The second newly designated site, the Gouritz Cluster Biosphere Reserve area covers an area of more than three million hectares and straddles the Eastern and Western Cape Provinces. The area is globally unique as it is the only area in the world where three recognised biodiversity hotspots — the Fynbos, Succulent Karoo and Maputoland-Tongoland-Albany hotspots — converge.

The entire biosphere domain falls within the Cape Floristic Kingdom which is the smallest, but one of the richest of the six floral kingdoms in the world, and the only one found entirely within the boundaries of one country.

The Gouritz Reserve is home to high levels of endemic plant species, threatened invertebrates and butterfly species. It also provides a migratory route for large mammals and serves as a nursery for marine species. Due to its immense historical significance, the biosphere reserve includes three components of the internationally renowned Cape Floral Region Protected Areas World Heritage Site.

The existing Biosphere Reserves in South Africa are:

Kogelberg Biosphere Reserve (Western Cape Province, designated 1998)

Cape West Coast Biosphere Reserve (Western Cape Province, designated 2000)

Waterberg Biosphere Reserve (Limpopo Province, designated 2001)

Kruger-to-Canyons Biosphere Reserve (Limpopo Province and Mpumalanga, designated 2001)

Cape Winelands Biosphere Reserve (Western Cape Province, designated 2007)

Vhembe Biosphere Reserve (Limpopo Province, designated May 2009).

“The government will continue to manage its growing portfolio of biosphere reserves in collaboration with land owners, communities and other partners to ensure that we meet Unesco standards and our own national goals of sustainable development,” Molewa said in a statement on Wednesday.

Molewa indicated that the implementation of the Magaliesberg Biosphere Reserve management plan would create a number of alternative community opportunities in partnership with the private sector and mitigate negative industrial impacts in pursuit of sustainable tourism and cultural heritage development.

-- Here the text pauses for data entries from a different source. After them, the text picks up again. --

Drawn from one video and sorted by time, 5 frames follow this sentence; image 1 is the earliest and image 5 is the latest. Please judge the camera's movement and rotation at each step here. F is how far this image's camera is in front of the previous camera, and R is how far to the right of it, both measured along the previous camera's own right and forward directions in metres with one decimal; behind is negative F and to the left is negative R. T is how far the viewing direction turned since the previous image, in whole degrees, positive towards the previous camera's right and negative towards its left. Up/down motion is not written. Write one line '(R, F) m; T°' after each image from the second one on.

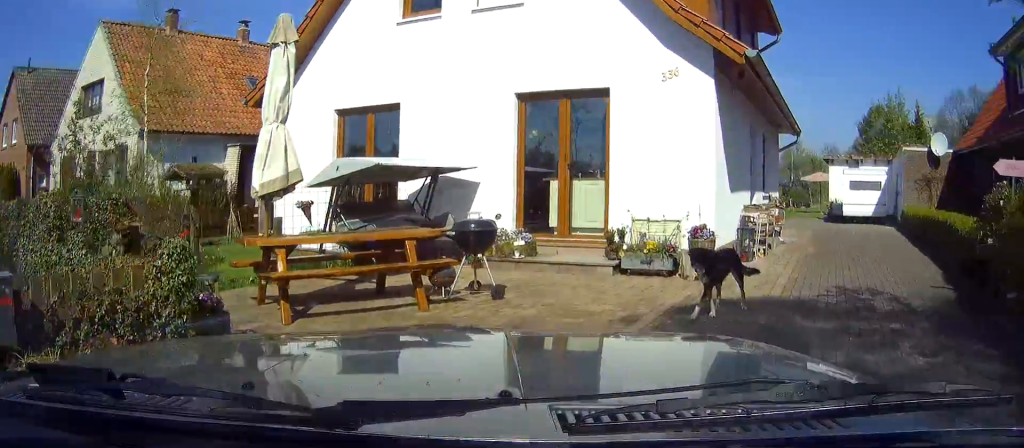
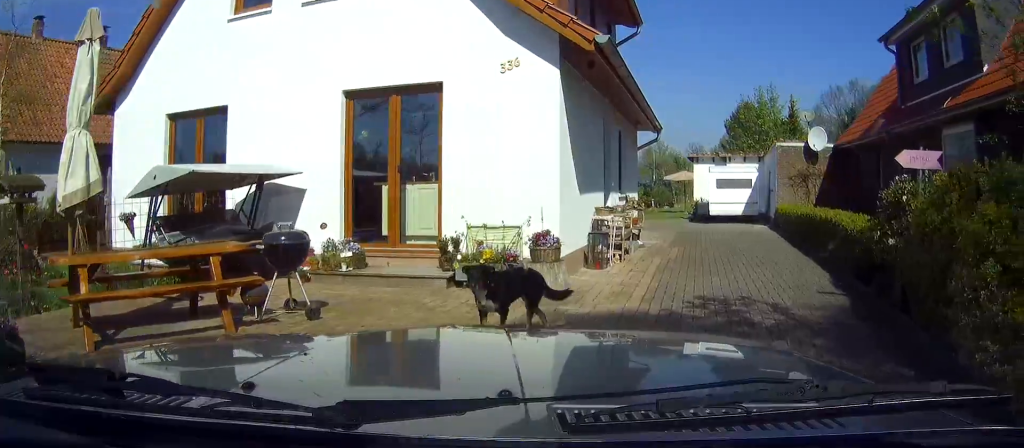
(0.0, +1.0) m; +12°
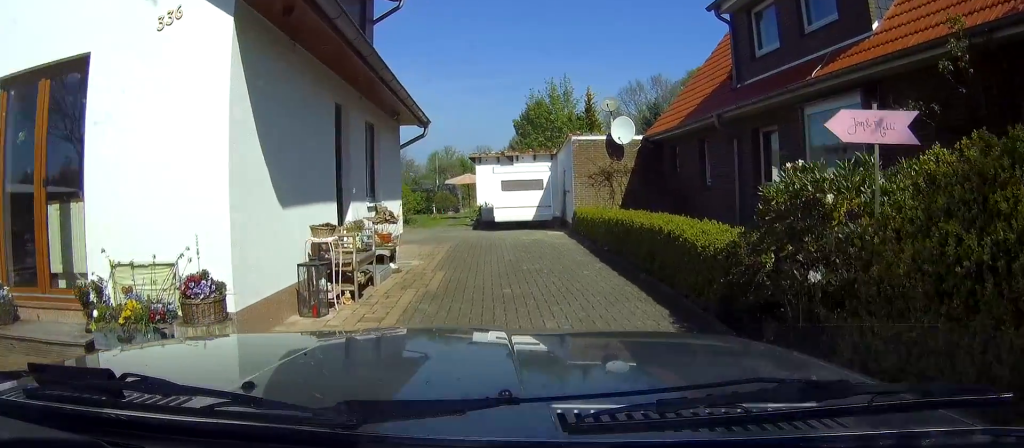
(+0.8, +3.0) m; +17°
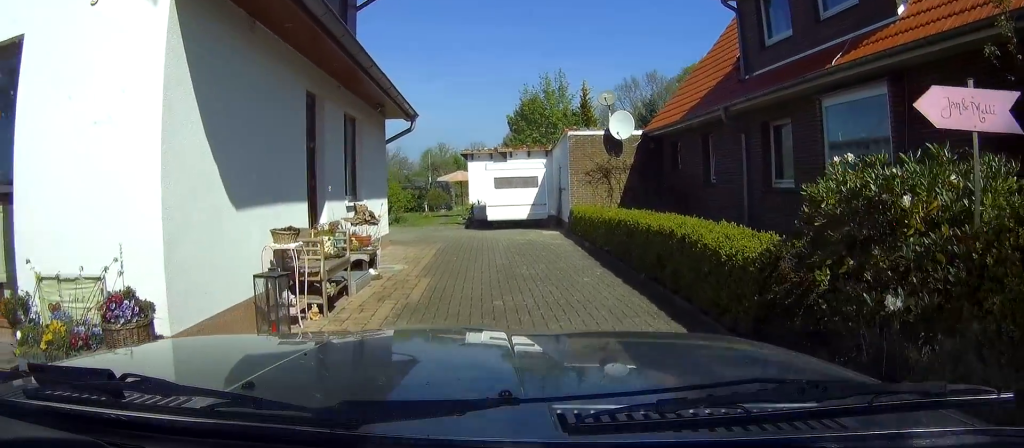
(0.0, +0.9) m; 0°
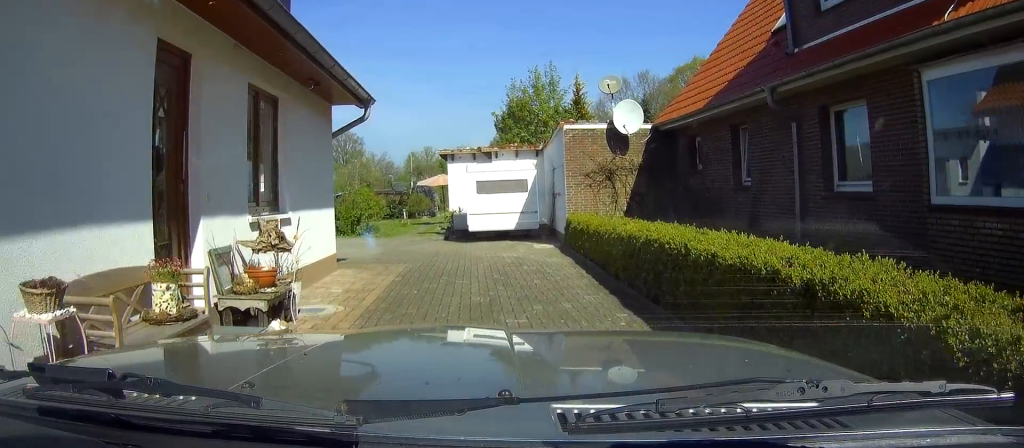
(0.0, +3.5) m; -5°

Molewa added that the designation of the Gouritz Cluster Biosphere Reserve, which was South Africa’s biggest biosphere reserve, “will enhance South Africa’s status as the third most biodiverse country in the world and enhance our effort to conserve the world renowned Cape Floral region”.

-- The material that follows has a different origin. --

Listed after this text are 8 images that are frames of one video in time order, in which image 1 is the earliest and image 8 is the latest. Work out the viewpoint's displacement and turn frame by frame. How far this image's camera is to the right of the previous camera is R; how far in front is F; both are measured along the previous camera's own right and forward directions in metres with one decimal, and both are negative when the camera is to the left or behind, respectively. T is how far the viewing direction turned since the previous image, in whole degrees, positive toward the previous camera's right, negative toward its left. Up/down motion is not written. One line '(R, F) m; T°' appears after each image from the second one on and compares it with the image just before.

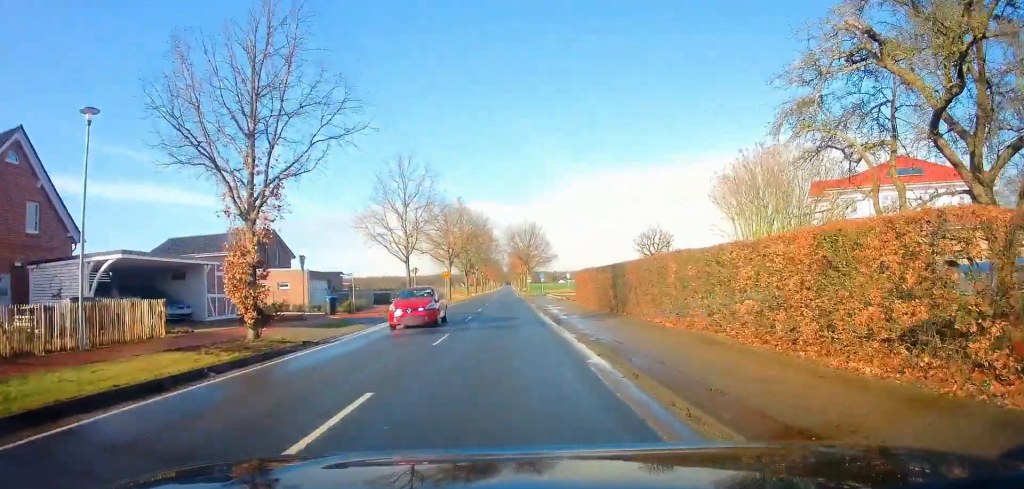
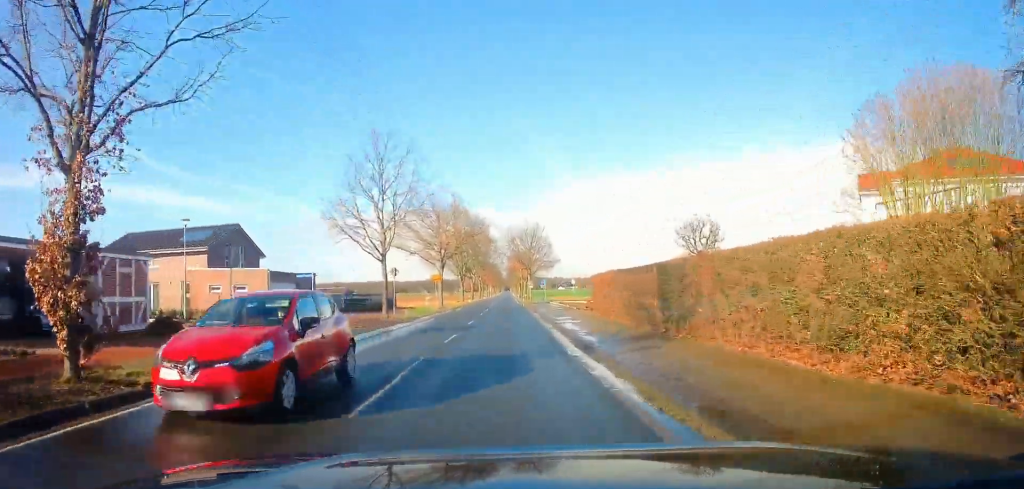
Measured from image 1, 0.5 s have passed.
(0.0, +7.2) m; +1°
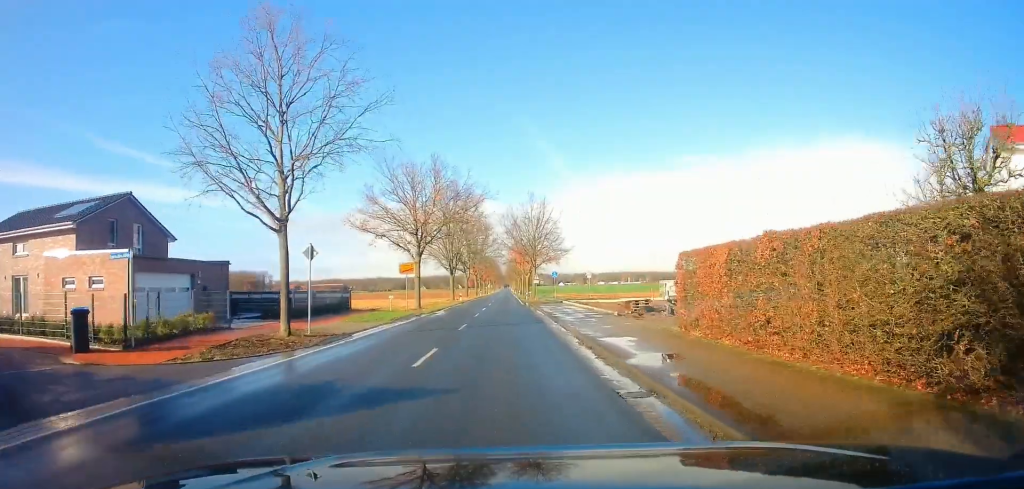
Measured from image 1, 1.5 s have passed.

Launched in 1970 by the Unesco General Conference, the Intergovernmental Man and Biosphere Programme aims to improve human environments and preserve natural ecosystems. The Programme promotes research and capacity building with the main objective of reducing the loss of biodiversity and addressing the ecological, social and economic aspects. The Unesco network of biosphere reserves connects people around the world who were pioneering a positive future for people and nature.

The South African delegation was being led by the Acting Deputy Director General for Biodiversity and Conservation in the Department of Environmental Affairs, Skumsa Mancotywa, who was supported by the Heads of Departments for Gauteng Department of Agriculture and Rural Development, Thandeka Mbasa and North West Department of Rural, Environment and Agricultural Development, Dr Poncho Mokaila.